WHAT TO DO
Restate every record exactly as it is written, while omitting the pictures it holds.

##### INPUT MATERIAL #####

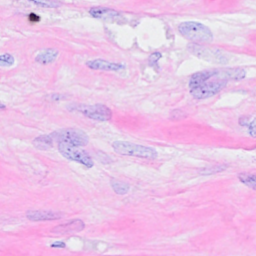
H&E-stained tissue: Breast
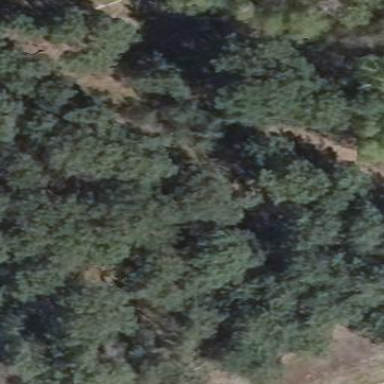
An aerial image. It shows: Evergreen needle-leaved forest.
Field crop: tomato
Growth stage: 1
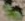
Species: solanum
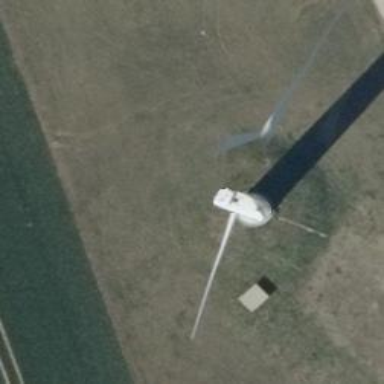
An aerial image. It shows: Wind generator with horizontal axis. The generator is wind turbine.
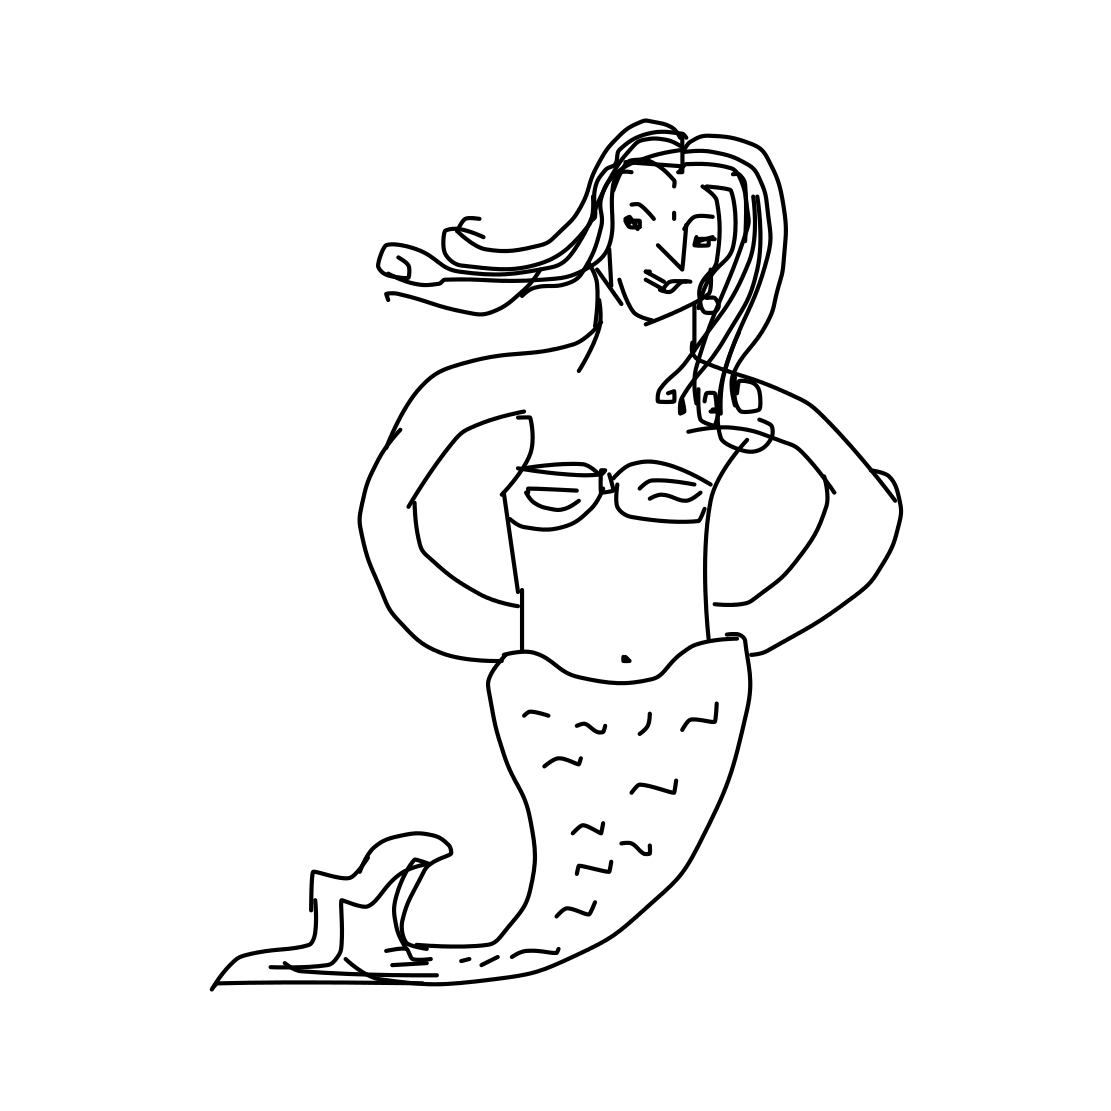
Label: mermaid
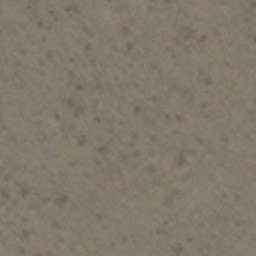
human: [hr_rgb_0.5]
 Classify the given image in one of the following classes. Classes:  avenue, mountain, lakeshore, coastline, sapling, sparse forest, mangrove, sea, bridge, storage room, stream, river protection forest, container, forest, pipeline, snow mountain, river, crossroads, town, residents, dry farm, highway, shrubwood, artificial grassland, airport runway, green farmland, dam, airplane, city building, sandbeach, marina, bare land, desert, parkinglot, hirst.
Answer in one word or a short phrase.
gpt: bare land
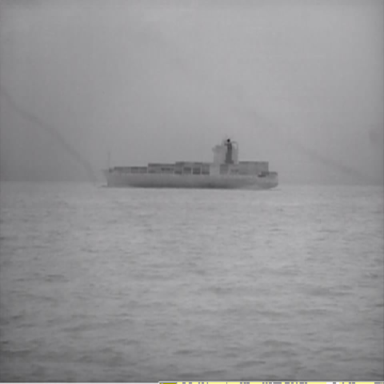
There is a fishing_boat in the infrared image.
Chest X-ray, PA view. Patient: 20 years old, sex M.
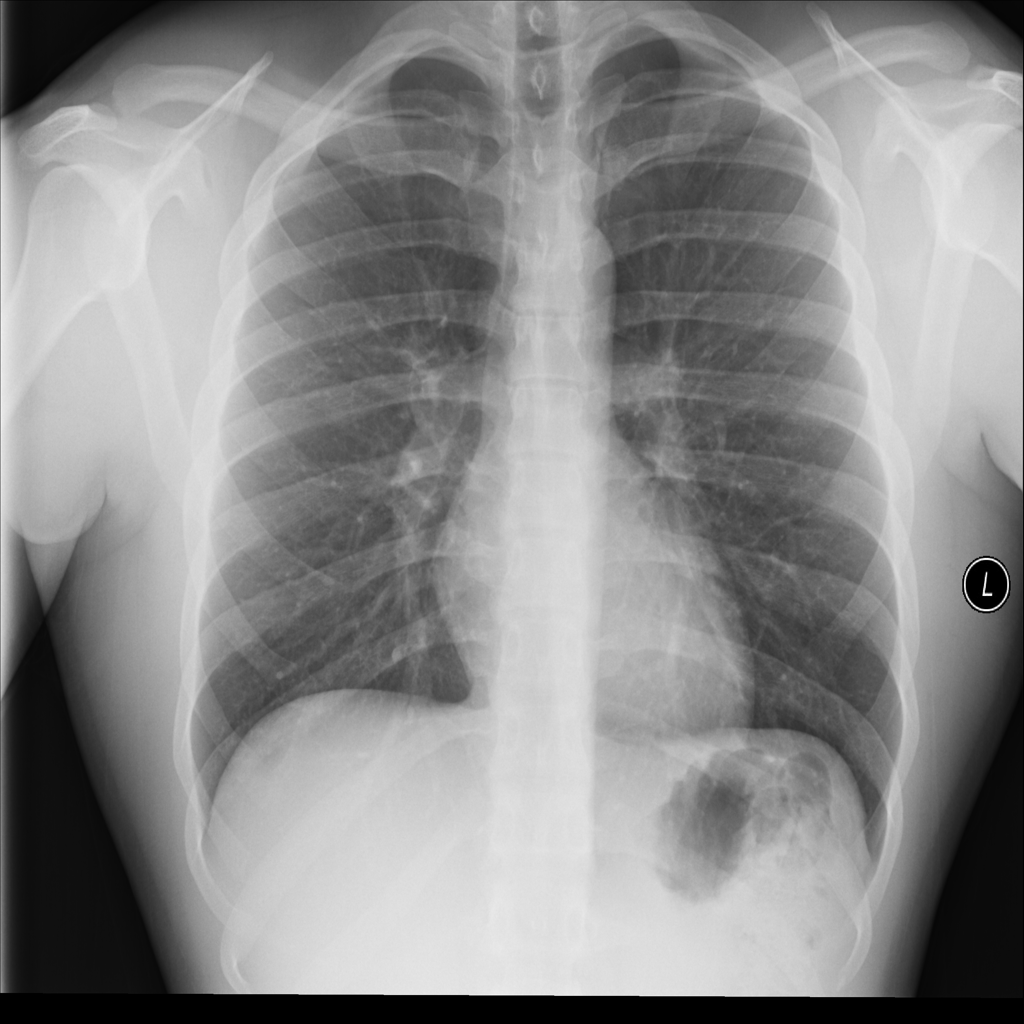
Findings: No Finding
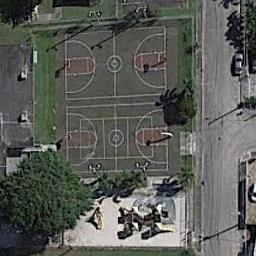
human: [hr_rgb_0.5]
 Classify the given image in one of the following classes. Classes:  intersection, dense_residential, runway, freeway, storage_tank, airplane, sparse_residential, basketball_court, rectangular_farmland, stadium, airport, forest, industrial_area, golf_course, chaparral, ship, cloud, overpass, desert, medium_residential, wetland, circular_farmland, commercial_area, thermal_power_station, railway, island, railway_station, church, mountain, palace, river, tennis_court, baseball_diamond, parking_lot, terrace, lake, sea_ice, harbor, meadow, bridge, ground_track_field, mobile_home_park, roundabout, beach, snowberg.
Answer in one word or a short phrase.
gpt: basketball_court
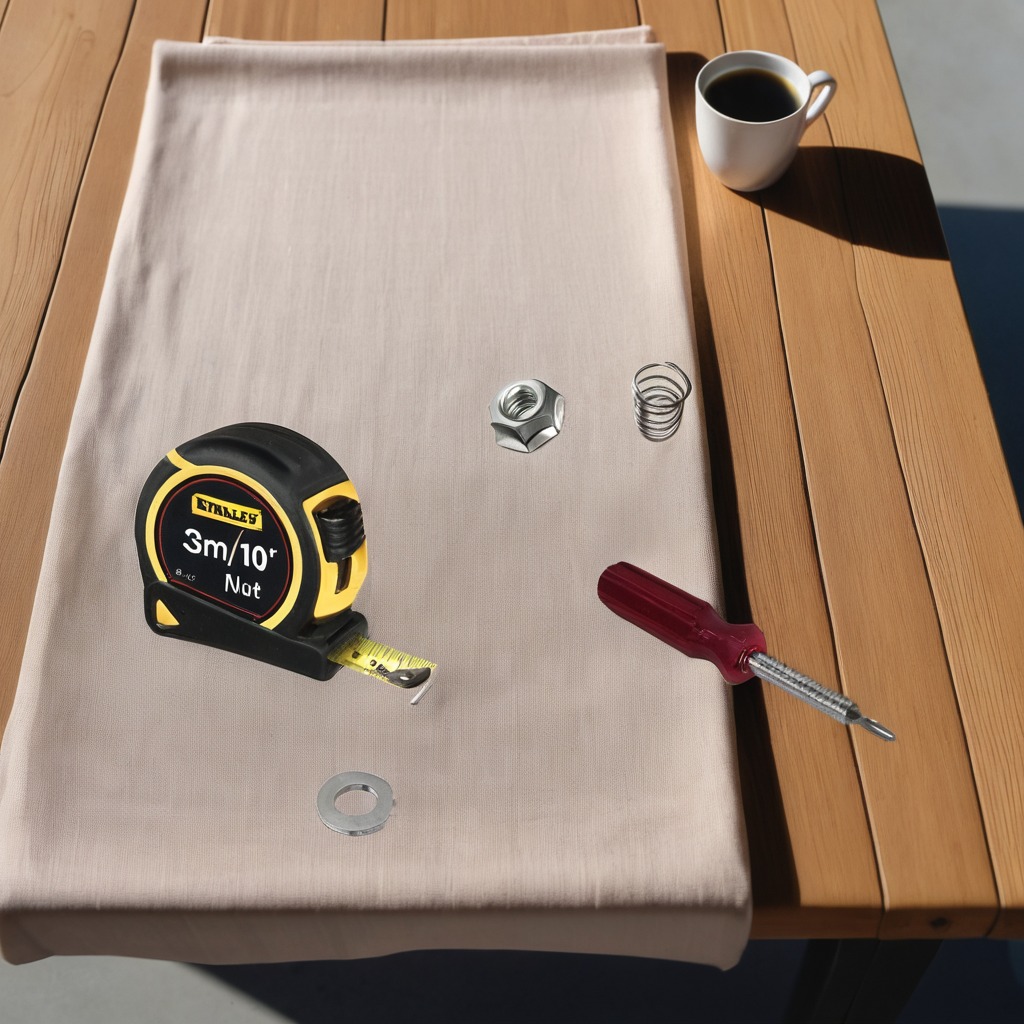
A flat metal washer, a measuring tape, a coiled metal spring, a screwdriver, and a metal nut are lying on the wooden table.
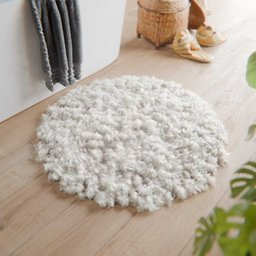
Label: decoration
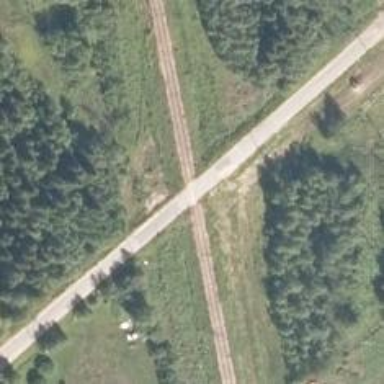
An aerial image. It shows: Level crossing with saltire marking.
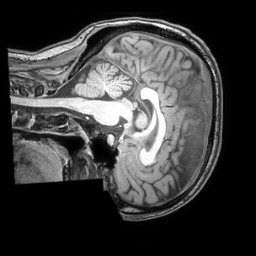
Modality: T1w
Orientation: sagittal
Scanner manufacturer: philips
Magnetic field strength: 3 T
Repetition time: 0.008 s
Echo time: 0.0035 s
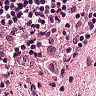
Metastatic tissue present: no
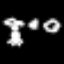
Label: angel
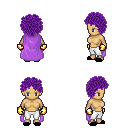
a pixel art fantasy rpg character, female body template, human, tanned skin, lavender cape, white pants, purple curly afro hairstyle, gold gloves, black slippers, four views (front, back, left, right), 2x2 character sprite sheet, small pixel art, hard edges, no anti-aliasing
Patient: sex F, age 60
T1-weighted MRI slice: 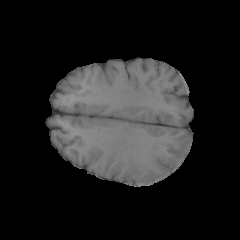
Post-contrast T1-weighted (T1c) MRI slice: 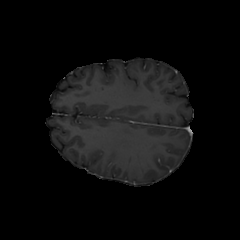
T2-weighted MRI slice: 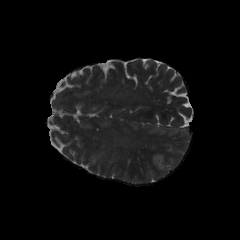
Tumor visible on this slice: yes
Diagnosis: Glioblastoma, IDH-wildtype
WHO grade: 4
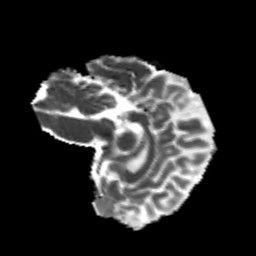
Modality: MD
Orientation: sagittal
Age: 22
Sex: female
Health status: healthy
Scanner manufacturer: philips
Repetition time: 7.391 s
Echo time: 0.08599 s

#####

EXPECTED OUTPUT
H&E-stained tissue: Breast
An aerial image. It shows: Evergreen needle-leaved forest.
Field crop: tomato
Growth stage: 1
Species: solanum
An aerial image. It shows: Wind generator with horizontal axis. The generator is wind turbine.
Label: mermaid
human: [hr_rgb_0.5]
 Classify the given image in one of the following classes. Classes:  avenue, mountain, lakeshore, coastline, sapling, sparse forest, mangrove, sea, bridge, storage room, stream, river protection forest, container, forest, pipeline, snow mountain, river, crossroads, town, residents, dry farm, highway, shrubwood, artificial grassland, airport runway, green farmland, dam, airplane, city building, sandbeach, marina, bare land, desert, parkinglot, hirst.
Answer in one word or a short phrase.
gpt: bare land
There is a fishing_boat in the infrared image.
Chest X-ray, PA view. Patient: 20 years old, sex M.
Findings: No Finding
human: [hr_rgb_0.5]
 Classify the given image in one of the following classes. Classes:  intersection, dense_residential, runway, freeway, storage_tank, airplane, sparse_residential, basketball_court, rectangular_farmland, stadium, airport, forest, industrial_area, golf_course, chaparral, ship, cloud, overpass, desert, medium_residential, wetland, circular_farmland, commercial_area, thermal_power_station, railway, island, railway_station, church, mountain, palace, river, tennis_court, baseball_diamond, parking_lot, terrace, lake, sea_ice, harbor, meadow, bridge, ground_track_field, mobile_home_park, roundabout, beach, snowberg.
Answer in one word or a short phrase.
gpt: basketball_court
A flat metal washer, a measuring tape, a coiled metal spring, a screwdriver, and a metal nut are lying on the wooden table.
Label: decoration
An aerial image. It shows: Level crossing with saltire marking.
Modality: T1w
Orientation: sagittal
Scanner manufacturer: philips
Magnetic field strength: 3 T
Repetition time: 0.008 s
Echo time: 0.0035 s
Metastatic tissue present: no
Label: angel
a pixel art fantasy rpg character, female body template, human, tanned skin, lavender cape, white pants, purple curly afro hairstyle, gold gloves, black slippers, four views (front, back, left, right), 2x2 character sprite sheet, small pixel art, hard edges, no anti-aliasing
Patient: sex F, age 60
T1-weighted MRI slice: 
Post-contrast T1-weighted (T1c) MRI slice: 
T2-weighted MRI slice: 
Tumor visible on this slice: yes
Diagnosis: Glioblastoma, IDH-wildtype
WHO grade: 4
Modality: MD
Orientation: sagittal
Age: 22
Sex: female
Health status: healthy
Scanner manufacturer: philips
Repetition time: 7.391 s
Echo time: 0.08599 s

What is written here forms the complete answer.